Подъехали ночью к лесу. Завалы бревен. Тапки замаскированные. Близко рассвет. Стали готовиться к ночной атаке. Команда – сигать через бруствер. Первый полез взводный Гришка Абдульманов, который все мечтал достать где-нибудь и поесть сушеной дыни. А где ее достанешь, если ее готовят только в Средней Азии? Упала мина, а в небе ракета-фонарь. Смотрим: Гришки нет. Вторая смерть.

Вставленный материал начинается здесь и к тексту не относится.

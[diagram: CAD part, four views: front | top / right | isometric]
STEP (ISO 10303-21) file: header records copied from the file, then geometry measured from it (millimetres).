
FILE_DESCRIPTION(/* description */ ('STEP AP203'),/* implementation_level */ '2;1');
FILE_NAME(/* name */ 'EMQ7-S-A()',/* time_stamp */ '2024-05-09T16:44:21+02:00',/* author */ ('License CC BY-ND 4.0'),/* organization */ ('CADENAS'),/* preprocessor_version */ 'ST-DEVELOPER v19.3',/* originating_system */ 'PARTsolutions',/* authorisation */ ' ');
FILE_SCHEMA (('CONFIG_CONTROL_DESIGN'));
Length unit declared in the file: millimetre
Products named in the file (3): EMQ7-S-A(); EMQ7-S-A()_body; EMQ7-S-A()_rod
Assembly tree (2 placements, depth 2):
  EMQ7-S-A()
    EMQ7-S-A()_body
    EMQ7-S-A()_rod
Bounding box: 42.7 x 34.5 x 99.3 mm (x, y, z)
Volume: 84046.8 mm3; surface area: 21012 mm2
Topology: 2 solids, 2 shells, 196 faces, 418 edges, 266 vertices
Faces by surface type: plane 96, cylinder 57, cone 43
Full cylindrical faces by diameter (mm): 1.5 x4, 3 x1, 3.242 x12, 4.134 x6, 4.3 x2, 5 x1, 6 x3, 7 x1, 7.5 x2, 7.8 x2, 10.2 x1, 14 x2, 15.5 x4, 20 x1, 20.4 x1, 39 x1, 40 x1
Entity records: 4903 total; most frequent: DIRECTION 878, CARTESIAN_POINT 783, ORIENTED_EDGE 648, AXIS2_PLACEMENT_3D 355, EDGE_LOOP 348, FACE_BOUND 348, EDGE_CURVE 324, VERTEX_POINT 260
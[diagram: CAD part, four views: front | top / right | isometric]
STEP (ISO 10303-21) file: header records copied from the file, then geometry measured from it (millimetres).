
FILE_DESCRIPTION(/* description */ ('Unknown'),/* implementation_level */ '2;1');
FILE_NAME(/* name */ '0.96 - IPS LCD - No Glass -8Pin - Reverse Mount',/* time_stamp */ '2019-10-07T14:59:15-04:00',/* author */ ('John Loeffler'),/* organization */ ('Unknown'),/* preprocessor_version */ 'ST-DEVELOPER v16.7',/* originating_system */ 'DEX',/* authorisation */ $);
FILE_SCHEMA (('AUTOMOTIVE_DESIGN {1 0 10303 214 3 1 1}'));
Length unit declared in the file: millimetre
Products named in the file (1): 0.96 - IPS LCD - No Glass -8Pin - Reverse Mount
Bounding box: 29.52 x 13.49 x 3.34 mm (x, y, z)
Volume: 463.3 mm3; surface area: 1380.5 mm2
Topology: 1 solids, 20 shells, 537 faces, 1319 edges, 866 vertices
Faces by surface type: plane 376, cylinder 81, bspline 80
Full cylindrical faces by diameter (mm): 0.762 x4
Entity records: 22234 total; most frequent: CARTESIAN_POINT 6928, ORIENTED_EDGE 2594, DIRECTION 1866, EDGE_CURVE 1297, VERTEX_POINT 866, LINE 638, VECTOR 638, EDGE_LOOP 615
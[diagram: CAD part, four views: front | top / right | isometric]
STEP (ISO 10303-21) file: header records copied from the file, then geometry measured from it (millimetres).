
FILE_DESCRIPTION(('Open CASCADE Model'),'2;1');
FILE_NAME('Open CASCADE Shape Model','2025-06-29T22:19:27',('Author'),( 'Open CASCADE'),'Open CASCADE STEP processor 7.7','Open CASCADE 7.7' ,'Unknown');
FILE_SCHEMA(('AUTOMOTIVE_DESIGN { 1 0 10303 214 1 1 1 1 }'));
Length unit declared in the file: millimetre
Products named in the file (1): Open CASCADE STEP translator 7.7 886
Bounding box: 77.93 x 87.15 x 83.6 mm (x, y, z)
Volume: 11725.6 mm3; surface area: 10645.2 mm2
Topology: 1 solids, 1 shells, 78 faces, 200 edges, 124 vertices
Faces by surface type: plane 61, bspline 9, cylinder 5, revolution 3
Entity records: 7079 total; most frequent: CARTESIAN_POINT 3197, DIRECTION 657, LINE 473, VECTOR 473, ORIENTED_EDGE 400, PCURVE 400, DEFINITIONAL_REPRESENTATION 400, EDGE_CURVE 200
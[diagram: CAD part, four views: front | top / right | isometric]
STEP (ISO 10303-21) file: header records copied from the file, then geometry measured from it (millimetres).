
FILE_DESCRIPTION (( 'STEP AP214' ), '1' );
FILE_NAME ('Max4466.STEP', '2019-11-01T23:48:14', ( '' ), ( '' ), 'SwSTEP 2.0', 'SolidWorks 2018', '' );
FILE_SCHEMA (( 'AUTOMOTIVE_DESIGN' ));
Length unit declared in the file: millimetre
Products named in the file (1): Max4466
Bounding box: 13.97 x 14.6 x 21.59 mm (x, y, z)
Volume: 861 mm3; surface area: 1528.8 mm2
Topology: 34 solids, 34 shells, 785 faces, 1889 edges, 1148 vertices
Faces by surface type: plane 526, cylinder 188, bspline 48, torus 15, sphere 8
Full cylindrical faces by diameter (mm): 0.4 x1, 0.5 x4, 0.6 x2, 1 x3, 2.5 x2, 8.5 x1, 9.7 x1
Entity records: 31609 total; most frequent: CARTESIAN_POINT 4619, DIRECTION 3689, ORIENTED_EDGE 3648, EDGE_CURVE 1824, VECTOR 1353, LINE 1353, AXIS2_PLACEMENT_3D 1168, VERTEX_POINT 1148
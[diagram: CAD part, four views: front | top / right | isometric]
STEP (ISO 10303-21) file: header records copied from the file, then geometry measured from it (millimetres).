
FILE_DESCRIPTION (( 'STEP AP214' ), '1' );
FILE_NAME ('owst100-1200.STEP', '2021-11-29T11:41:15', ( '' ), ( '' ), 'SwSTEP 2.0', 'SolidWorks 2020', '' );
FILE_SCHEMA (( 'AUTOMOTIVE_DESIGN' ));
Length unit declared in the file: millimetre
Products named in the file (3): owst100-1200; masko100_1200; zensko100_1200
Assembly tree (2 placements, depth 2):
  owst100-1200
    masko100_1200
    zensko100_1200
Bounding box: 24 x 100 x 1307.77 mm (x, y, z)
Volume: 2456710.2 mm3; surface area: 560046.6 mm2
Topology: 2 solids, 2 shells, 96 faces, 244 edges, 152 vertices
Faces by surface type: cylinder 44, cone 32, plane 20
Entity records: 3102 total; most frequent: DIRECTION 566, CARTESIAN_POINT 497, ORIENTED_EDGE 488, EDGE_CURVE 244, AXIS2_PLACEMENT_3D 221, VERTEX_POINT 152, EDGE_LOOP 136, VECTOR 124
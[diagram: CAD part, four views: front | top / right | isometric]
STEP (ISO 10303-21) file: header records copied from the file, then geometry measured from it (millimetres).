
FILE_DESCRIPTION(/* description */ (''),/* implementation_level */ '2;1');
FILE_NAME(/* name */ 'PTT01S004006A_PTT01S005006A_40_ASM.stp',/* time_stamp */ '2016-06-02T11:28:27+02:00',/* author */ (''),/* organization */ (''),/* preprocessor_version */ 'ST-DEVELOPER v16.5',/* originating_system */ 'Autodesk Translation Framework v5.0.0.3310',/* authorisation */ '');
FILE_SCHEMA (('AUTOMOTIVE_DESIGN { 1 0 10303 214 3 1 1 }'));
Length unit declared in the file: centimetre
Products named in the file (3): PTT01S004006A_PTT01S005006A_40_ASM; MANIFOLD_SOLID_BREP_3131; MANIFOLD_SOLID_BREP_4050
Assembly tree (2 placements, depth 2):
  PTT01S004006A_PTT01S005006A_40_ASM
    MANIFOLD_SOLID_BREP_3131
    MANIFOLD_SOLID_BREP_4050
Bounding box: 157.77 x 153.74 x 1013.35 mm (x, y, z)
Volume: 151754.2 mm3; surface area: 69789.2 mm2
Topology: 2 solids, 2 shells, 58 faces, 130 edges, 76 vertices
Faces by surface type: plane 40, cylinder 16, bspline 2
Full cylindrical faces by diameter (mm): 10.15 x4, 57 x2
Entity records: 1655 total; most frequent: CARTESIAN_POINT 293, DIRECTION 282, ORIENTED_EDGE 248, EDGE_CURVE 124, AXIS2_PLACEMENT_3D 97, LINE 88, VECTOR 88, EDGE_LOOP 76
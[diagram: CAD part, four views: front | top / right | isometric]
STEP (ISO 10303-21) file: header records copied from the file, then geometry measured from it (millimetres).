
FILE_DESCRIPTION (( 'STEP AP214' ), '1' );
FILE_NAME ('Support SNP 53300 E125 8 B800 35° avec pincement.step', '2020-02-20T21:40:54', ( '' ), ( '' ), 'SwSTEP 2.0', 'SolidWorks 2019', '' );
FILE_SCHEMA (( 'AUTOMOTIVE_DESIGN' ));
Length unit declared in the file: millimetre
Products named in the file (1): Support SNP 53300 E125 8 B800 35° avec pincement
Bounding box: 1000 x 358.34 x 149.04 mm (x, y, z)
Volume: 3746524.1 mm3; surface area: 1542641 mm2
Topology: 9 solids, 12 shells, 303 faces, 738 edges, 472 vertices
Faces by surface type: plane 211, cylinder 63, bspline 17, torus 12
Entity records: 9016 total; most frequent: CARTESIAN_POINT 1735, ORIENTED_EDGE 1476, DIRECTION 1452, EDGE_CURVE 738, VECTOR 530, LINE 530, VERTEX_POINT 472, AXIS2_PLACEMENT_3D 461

Началась атака. Перелезли через бруствер, поползли, побежали по полю. Захлопали выстрелы. Потом наша артиллерия заработала. Впереди взрывы. Движемся вслед за взрывами. Совсем близко. Взрывы прекратились. Перед нами немецкая траншея: прыгаю куда-то вниз – влево и вправо даю очередь. Еще прыгают. Заполнили траншею, а она пустая. И тут разом визг, взрыв. Немцы бьют по траншее. Солдаты стали выскакивать обратно, падать. Я тоже обратно. Все поле в разрывах. Ползу обратно и думаю – бегу я или отступаю?

Рассвело. Изморозь. Взрывы. Все летит. Чувств никаких нет, ни рук, ни ног, ни тела нет, ни внутренностей. Только кожа лица, затвердевшая, как ноготь. И вдруг соображаю, что ползу по кочкам и хватаю губами красные капельки клюквы. Ясно, что свихнулся. Потом сваливаюсь в воронку и вижу там нашего комсорга. И тут понимаю, что я не бегу. Я отступаю.

Господи, что я тогда знал о жизни? Ну, знал, что мы должны победить, потому что наше дело правое, что та довоенная жизнь – единственно правильная, потому что она наша, моя, и я никогда от нее не отступлюсь. Еще я знал, что ночью на черной воде речки Яузы у Покровского моста дрожит золотой мостик луны. Точь-в-точь как на черном портсигаре, где гора Фудзи вдали и летят медные птички. И вот теперь я отступаю. Комсорг дышит открытым ртом и гладит щеки. Я понимаю, что они у него тоже одеревенели. Комсорг говорит:

– Атака захлебнулась. Давай.

И вытаскивает автомат откуда-то из-под ноги. И тут его убивает осколок. Если не считать нашей роты, которой я на обратном пути так и не видел, это была третья смерть.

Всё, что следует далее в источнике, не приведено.